This paper summarizes the results of reservoir simulations performed to investigate steam-air injection and its potential as a thermal recovery process. The steam-air injection process is considered to be any process that involves both steam and air injection whether they are injected together or at different times. The objective of the simulations was to develop steam-air injection based on its ability to divert steam from more to less oil depleted regions thereby improving reservoir contact (conformance) and increasing oil production. This diversion is caused by the deposition of coke and/or asphaltene in depleted regions or high permeability channels or thief zones. It primarily results from low temperature oxidation (LTO) of the oil. Air injection is most effective when used to divert injected steam when significant channeling/over-riding is occurring prior to air injection.

Air should be injected at a relatively low rate and temperature in order that coke/asphaltene deposition occurs and facilitates steam diversion.

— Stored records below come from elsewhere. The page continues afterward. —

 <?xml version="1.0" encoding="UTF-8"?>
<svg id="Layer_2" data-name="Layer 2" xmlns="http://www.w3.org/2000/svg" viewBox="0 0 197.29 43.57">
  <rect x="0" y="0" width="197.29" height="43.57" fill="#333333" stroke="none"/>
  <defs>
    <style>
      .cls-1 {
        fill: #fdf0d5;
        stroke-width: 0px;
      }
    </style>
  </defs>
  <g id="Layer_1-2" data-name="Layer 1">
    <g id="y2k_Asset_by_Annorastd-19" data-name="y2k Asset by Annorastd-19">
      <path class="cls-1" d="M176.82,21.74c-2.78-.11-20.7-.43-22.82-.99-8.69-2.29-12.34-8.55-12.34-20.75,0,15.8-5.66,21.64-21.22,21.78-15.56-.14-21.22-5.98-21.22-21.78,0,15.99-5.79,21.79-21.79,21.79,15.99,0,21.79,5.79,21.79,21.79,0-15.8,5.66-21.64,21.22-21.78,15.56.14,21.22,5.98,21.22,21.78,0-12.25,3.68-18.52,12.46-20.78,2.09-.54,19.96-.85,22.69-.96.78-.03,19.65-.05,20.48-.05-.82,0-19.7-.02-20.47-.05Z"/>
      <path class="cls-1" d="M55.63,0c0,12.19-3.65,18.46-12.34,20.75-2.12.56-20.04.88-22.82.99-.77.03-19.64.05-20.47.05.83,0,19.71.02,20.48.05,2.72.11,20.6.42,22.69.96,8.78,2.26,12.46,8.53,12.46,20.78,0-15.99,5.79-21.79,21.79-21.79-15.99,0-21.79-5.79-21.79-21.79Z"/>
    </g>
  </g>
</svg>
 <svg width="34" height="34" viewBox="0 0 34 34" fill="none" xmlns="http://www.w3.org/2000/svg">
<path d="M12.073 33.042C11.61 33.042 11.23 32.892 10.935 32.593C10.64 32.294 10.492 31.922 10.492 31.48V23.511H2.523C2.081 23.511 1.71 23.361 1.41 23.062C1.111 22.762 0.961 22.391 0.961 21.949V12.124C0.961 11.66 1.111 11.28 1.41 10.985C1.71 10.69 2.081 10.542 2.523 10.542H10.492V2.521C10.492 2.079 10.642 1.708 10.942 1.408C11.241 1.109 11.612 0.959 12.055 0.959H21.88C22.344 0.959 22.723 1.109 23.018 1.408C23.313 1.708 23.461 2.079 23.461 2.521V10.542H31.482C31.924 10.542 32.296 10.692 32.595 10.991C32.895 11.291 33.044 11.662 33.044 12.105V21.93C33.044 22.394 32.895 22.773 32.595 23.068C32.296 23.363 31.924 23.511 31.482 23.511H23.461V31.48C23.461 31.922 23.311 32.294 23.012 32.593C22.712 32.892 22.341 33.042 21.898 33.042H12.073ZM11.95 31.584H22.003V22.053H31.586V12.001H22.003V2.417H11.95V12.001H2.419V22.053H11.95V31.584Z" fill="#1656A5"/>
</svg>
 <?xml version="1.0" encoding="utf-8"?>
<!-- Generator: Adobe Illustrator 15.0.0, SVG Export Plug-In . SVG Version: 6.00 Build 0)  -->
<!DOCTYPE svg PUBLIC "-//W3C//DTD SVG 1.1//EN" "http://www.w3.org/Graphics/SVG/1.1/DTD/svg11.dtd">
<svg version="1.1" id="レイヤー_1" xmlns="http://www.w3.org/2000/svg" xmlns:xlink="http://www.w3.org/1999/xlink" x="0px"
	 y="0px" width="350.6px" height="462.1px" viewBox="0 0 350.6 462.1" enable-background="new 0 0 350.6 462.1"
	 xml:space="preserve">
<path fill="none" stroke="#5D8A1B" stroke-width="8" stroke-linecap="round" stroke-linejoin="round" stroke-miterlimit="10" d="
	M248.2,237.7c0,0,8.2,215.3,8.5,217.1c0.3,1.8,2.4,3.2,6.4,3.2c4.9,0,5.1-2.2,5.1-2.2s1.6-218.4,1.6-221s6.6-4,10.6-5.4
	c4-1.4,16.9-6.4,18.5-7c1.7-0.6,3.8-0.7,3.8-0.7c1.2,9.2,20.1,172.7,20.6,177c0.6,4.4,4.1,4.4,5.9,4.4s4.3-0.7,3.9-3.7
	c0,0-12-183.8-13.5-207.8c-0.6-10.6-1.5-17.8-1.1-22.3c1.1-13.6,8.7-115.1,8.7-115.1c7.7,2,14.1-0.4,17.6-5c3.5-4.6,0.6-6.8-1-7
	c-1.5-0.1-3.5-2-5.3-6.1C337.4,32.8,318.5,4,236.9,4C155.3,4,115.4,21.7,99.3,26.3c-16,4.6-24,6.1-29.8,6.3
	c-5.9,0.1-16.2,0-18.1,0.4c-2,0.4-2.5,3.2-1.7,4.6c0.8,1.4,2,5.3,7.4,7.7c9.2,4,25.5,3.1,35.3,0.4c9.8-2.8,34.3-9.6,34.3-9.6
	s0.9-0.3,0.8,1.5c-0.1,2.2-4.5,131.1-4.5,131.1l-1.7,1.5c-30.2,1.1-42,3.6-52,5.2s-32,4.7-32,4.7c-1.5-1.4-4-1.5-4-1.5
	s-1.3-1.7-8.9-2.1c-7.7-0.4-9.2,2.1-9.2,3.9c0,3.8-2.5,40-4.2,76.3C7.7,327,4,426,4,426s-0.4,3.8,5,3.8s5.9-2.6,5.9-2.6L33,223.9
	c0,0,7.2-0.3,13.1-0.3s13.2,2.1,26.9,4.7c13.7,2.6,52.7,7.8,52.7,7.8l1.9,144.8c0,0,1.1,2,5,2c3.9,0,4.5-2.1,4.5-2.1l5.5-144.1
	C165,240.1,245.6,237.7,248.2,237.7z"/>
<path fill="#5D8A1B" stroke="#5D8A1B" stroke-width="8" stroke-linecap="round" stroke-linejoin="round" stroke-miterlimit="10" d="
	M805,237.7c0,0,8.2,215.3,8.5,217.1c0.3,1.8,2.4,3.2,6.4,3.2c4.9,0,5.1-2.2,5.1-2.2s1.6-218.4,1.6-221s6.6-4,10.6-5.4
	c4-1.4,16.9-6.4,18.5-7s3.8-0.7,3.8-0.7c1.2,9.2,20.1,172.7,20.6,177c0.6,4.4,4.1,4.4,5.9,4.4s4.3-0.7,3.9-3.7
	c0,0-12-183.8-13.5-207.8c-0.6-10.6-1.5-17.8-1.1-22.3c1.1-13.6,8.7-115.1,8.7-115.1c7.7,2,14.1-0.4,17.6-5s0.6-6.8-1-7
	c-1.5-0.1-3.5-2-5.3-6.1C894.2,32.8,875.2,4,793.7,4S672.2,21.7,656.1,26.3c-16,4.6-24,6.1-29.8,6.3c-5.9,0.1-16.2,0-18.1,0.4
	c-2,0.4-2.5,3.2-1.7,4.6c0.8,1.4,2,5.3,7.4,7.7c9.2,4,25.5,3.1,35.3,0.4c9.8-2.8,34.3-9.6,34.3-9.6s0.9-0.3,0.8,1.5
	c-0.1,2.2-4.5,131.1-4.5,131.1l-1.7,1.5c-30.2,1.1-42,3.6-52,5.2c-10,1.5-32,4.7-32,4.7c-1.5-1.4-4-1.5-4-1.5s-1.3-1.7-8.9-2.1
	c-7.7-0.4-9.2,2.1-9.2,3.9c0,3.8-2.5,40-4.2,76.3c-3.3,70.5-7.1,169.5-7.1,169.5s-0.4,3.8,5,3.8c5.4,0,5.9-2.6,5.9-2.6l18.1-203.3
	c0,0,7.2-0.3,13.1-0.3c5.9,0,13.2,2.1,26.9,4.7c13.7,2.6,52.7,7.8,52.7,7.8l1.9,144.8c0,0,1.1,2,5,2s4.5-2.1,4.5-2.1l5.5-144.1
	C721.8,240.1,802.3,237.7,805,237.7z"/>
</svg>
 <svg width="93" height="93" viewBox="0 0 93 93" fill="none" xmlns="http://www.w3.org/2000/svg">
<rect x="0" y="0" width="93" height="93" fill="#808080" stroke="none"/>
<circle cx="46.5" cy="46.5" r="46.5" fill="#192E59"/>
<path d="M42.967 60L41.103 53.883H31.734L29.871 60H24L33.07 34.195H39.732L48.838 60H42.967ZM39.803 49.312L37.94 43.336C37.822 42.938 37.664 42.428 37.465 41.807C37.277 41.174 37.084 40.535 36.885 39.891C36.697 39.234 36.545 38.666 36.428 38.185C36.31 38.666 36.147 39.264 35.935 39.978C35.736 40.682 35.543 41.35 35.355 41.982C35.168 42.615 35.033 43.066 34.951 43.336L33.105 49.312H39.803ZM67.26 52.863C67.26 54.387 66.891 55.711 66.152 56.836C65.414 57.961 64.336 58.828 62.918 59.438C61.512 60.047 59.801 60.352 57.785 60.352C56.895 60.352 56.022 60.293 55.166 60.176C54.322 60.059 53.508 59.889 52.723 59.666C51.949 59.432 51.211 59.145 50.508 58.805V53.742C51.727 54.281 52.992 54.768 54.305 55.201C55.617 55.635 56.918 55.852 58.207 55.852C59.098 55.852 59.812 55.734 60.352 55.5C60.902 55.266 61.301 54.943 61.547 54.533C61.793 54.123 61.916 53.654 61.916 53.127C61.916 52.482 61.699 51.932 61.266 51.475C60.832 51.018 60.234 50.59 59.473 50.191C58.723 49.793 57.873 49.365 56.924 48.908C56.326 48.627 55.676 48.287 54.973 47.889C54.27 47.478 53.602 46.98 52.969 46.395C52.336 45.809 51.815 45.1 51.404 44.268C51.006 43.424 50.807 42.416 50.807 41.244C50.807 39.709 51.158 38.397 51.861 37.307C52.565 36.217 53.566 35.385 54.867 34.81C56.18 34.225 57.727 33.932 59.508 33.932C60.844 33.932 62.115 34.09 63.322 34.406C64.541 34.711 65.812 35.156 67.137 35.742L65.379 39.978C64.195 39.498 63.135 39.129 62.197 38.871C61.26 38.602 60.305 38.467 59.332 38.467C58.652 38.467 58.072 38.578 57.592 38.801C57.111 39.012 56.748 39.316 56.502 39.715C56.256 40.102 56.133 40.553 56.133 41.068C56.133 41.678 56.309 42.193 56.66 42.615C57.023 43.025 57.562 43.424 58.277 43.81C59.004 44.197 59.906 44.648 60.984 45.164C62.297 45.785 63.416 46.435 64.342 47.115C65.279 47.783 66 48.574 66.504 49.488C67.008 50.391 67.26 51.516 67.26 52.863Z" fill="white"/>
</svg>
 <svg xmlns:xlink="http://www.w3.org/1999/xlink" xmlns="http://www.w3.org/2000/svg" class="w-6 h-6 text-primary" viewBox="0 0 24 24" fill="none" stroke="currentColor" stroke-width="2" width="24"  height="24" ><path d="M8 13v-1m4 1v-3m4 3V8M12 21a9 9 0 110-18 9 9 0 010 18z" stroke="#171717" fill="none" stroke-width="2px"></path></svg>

Simulations showed that in a field application of the steam-air injection process, it is important to stop injecting air with/without steam once diversion has been obtained. Otherwise, oil will unnecessarily be consumed or degraded by LTO reactions and steam diversion may be reduced due to consumption of deposited coke/asphaltenes by high temperature oxidation (HTO) reactions. Continued injection of air could even increase channeling as it removes the coke and any residual oil by oxidation reactions thereby reducing the flow resistance in channels/thief zones. Air injection in a steam process is complex and it is not simply a case of injecting air with steam without careful consideration of the process.